Connect with other People
To support our own wellbeing, regularly talking to friends, family members or professionals has never been more important. Talking with people who are supportive and good at listening (without judging, criticising or competing) is a very human need. While we may miss the face-to-face contact we would usually have with trusted friends, we can still find ways to reach out to them and to support one another. Within your own network of family and friends, there will be someone else who is feeling unconfident about home schooling or keeping to new routines. Reach out to them and problem solve together. When we feel well supported as parents, the calmer we tend to feel - and the more space we will have in our minds to support our children.
Create Routine and Rules that Work for YOU
Our wellbeing is often nurtured by having a daily routine, a structure to our lives. If the day feels endless and without a plan, anxiety can easily be triggered. At present, juggling the multiple roles of parenting, home schooling and working can leave parents feeling that they are spread too thinly - and that we’re not doing a good job at any of our roles. This is hard. Try having achievable routines. Involve each family member to have a sense of their own timetable or routine and involve time for shared/family activities or quiet time. Most importantly do what is realistic for you and your family and try not to compare your routine to others.
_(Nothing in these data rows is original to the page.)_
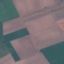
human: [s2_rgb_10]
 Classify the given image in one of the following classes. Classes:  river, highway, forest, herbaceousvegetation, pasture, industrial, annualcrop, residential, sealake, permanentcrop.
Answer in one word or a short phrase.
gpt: AnnualCrop
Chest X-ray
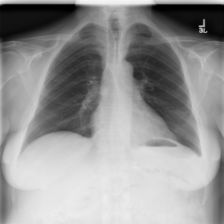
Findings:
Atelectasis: negative
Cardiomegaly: negative
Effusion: negative
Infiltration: negative
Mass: negative
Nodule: negative
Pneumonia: negative
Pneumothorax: negative
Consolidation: negative
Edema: negative
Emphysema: negative
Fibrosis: negative
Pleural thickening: negative
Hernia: negative
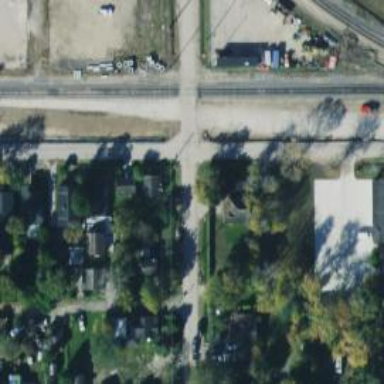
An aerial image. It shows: Stop road.
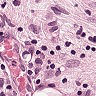
Metastatic tissue present: yes
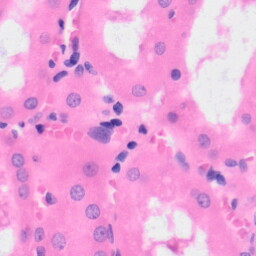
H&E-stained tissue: Kidney
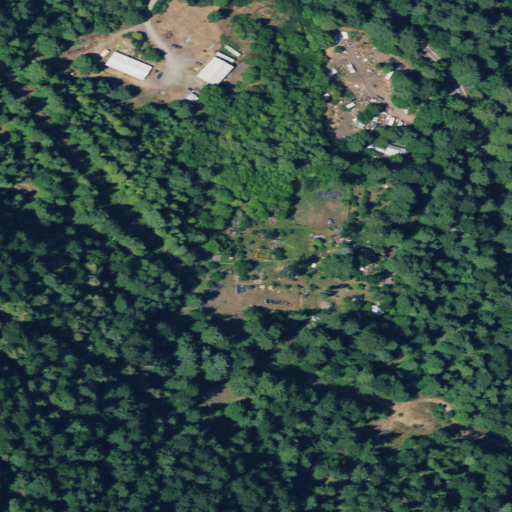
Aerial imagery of plain(s) in California named Weonme Flat containing evergreen forest, shrub, open development, deciduous forest, medium intensity development, low intensity development, and mixed forest

Be Honest and Say Sorry When you can
We promote our own wellbeing by knowing when we do and don't get things right. It’s not about getting it right all the time. Misunderstandings, disagreements and differences of opinion are normal. They happen for all parents and in all families, and they aren't a sign that things are not OK. It is important that we have the courage to acknowledge that we don't always get things right and share this with our children. Being able to say sorry can be enormously helpful in getting everyone get back on track. Being honest and open with your children, and sharing with them what they need to know, will boost both their wellbeing and your own.